Let's solve each inequality separately.

Solving the first inequality:

$17 < x + 10$ Subtract 10 from both sides: $17 - 10 < x$ $7 < x$ This simplifies to: $x > 7$

Solving the second inequality:

$19 \geq x + 10$ Subtract 10 from both sides: $19 - 10 \geq x$ $9 \geq x$ This simplifies to: $x \leq 9$

Combined solution:

From the first inequality, we have $x > 7$, and from the second inequality, we have $x \leq 9$.

Thus, the solution is: $7 < x \leq 9$

This means that $x$ is greater than 7 and less than or equal to 9.

Would you like more details or further explanation on any part?

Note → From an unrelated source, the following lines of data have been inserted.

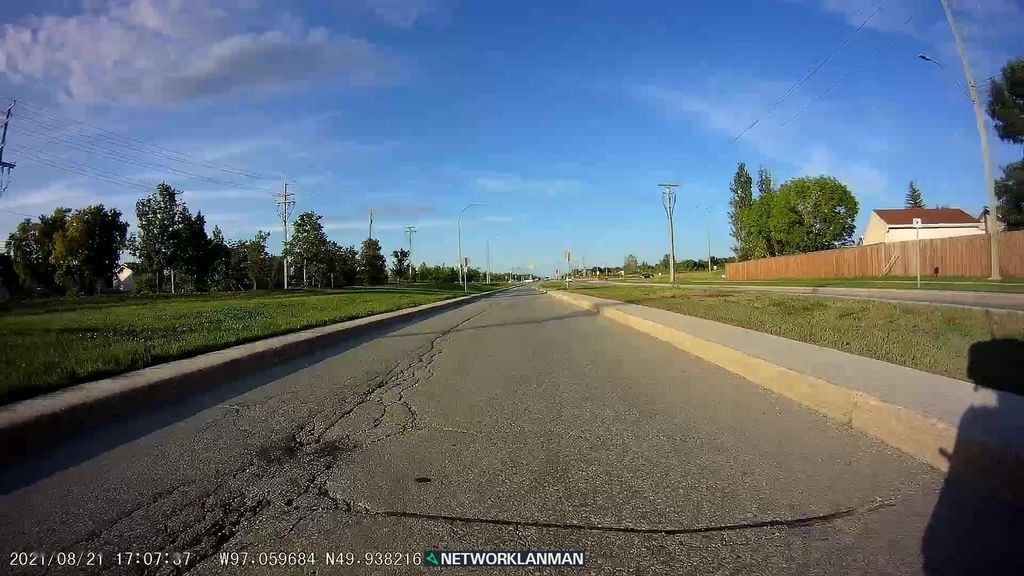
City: winnipeg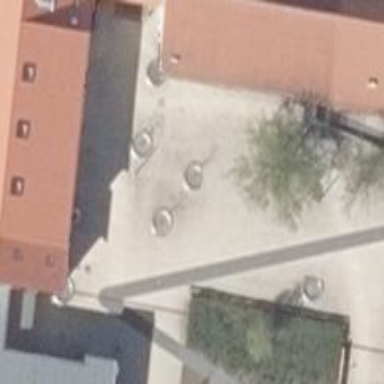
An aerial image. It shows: School building with gabled roof.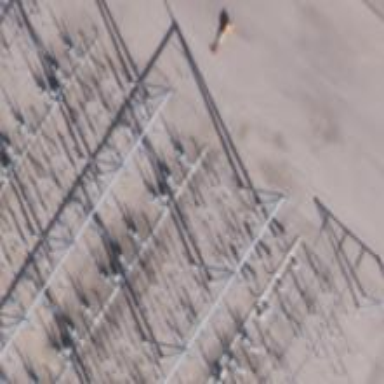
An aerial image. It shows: Switch for power supply.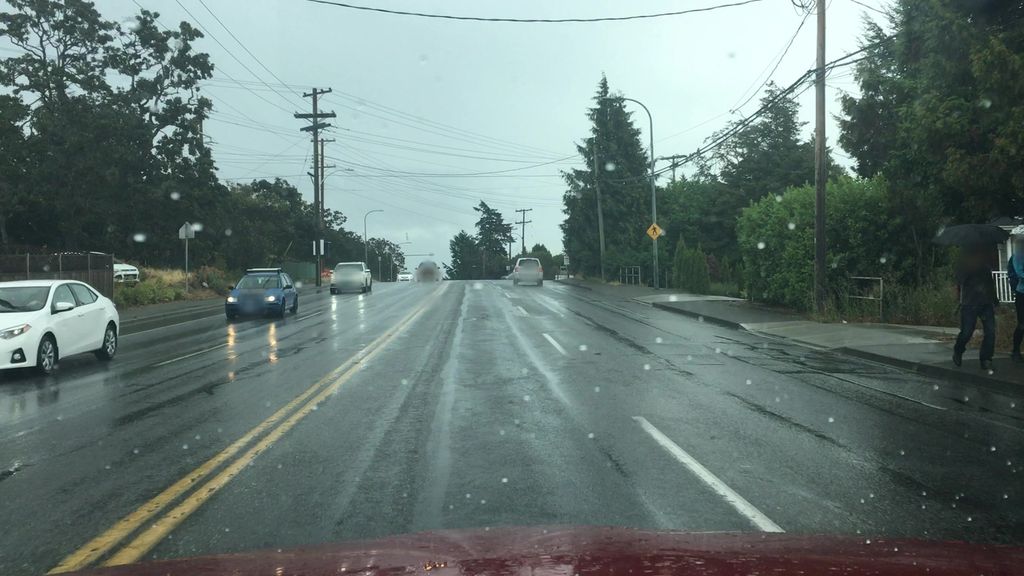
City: victoria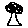
Label: tree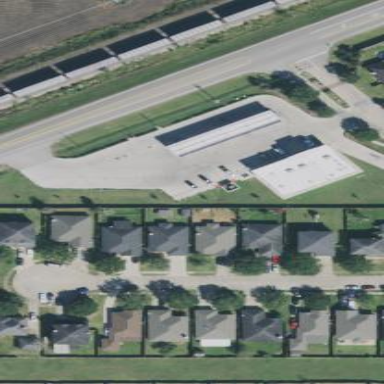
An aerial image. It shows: Convenience shop.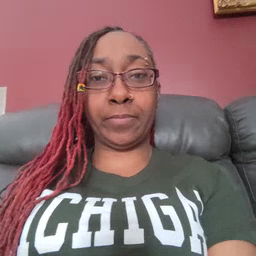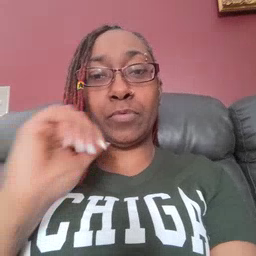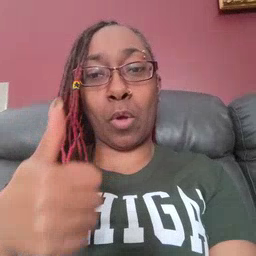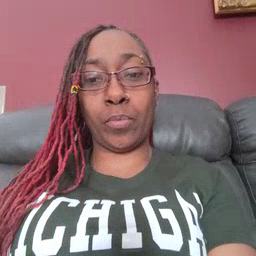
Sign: tomorrow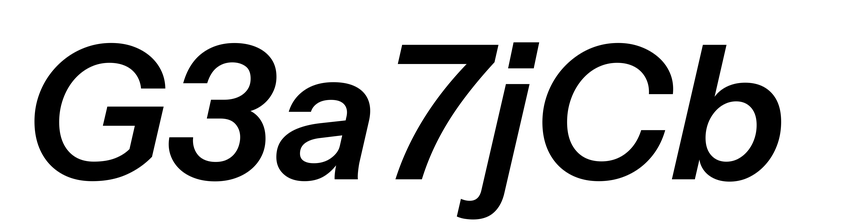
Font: InstrumentSans-Italic_SemiBold_Italic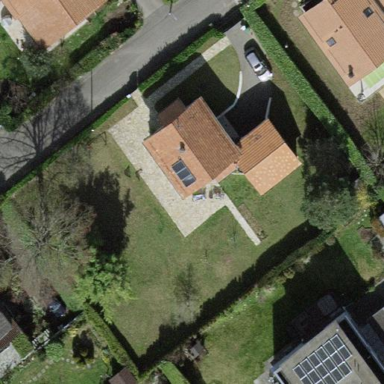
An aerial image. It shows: Garden enclosed by fence.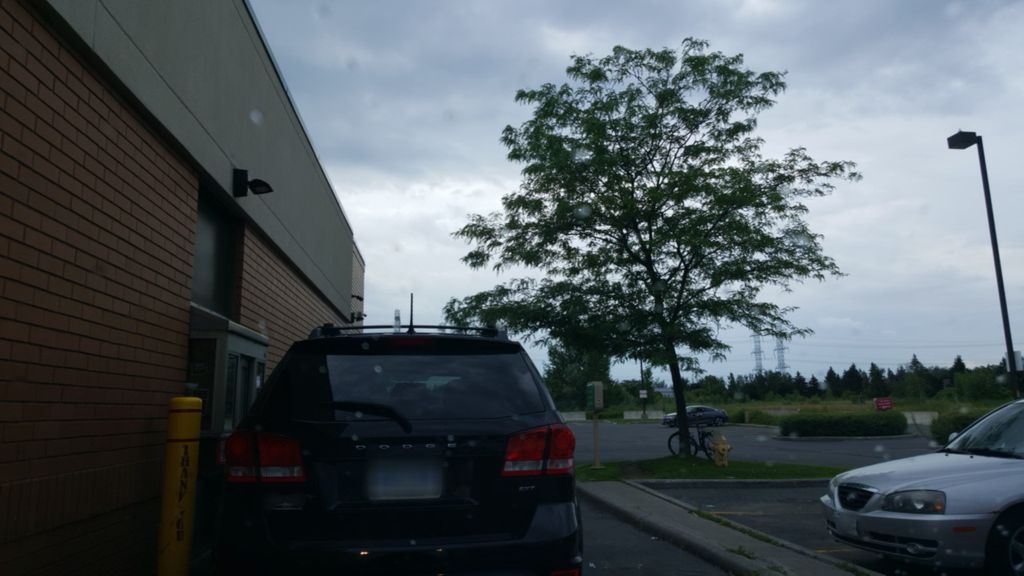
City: ottawa-gatineau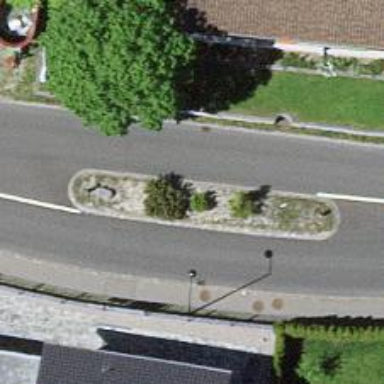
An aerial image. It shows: Traffic calming island.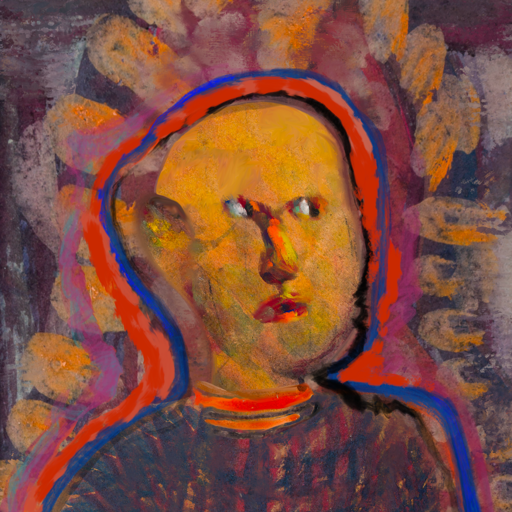
Background: Doll, Head And Neck Side: Gypsy_Mother, Face Side: An_Impression, Bust: In_The_Sun, Hair Side: Experience, Head Accessory: Blank, Second Necklace: Blank, Necklace: Experience, Baby: Blank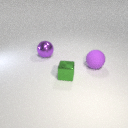
small green metal cube to the left of large purple rubber sphere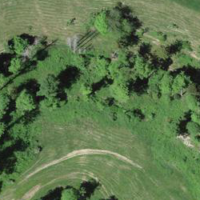
EUNIS habitat code: 44
Species observed at this site:
Vicia sepium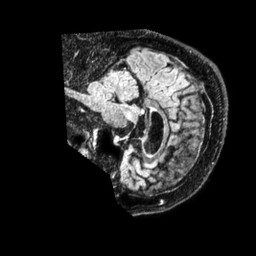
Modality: FLAIR
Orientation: sagittal
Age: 61
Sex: male
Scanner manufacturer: philips
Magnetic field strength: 1.5 T
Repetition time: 4.8 s
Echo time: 0.3355 s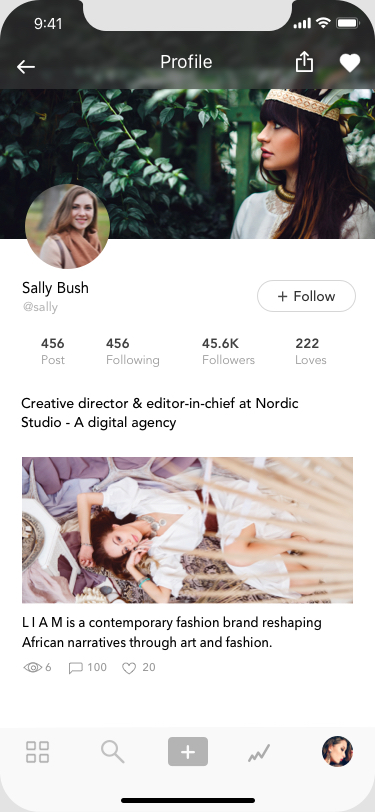
Text in this UI design:
Post
456
Following
456
Followers
45.6K
Loves
222
Follow
+
Sally Bush
@sally
Creative director & editor-in-chief at Nordic Studio - A digital agency
Profile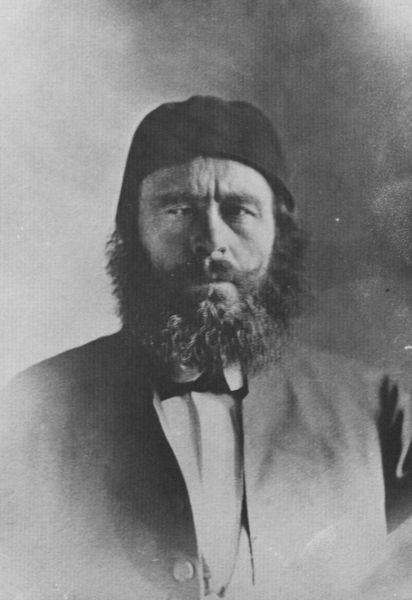
Titel: Mohammed Said Pascha (1822-1863)
Künstler: Gaspard-Félix Tournachon
Schlagwörter: mann, anzug, bart, hemd, kappe, mütze, gesicht, porträt, ernst, grimmig, fliege, kritisch, weste, foto, schwarzweiß, skeptisch, blaß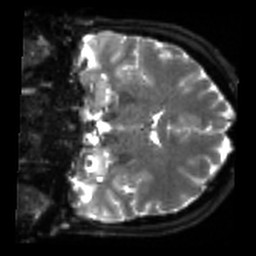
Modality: sbref
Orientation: coronal
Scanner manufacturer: siemens
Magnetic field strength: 3 T
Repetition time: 4 s
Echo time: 0.0594 s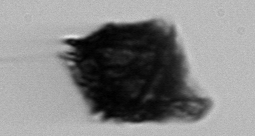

Here are some related questions for further practice:

1. Solve: $5 < 2x + 3 \leq 13$
2. Solve: $3x - 4 > 2$ and $7 - 2x \geq 5$
3. Solve: $4 \leq x - 7 < 10$
4. Solve: $12 \geq 2x + 4$ and $3x - 5 < 7$
5. Solve the system of inequalities: $x + 6 > 8$ and $x + 2 \leq 12$

Tip: When solving inequalities, always reverse the inequality symbol if you multiply or divide both sides by a negative number.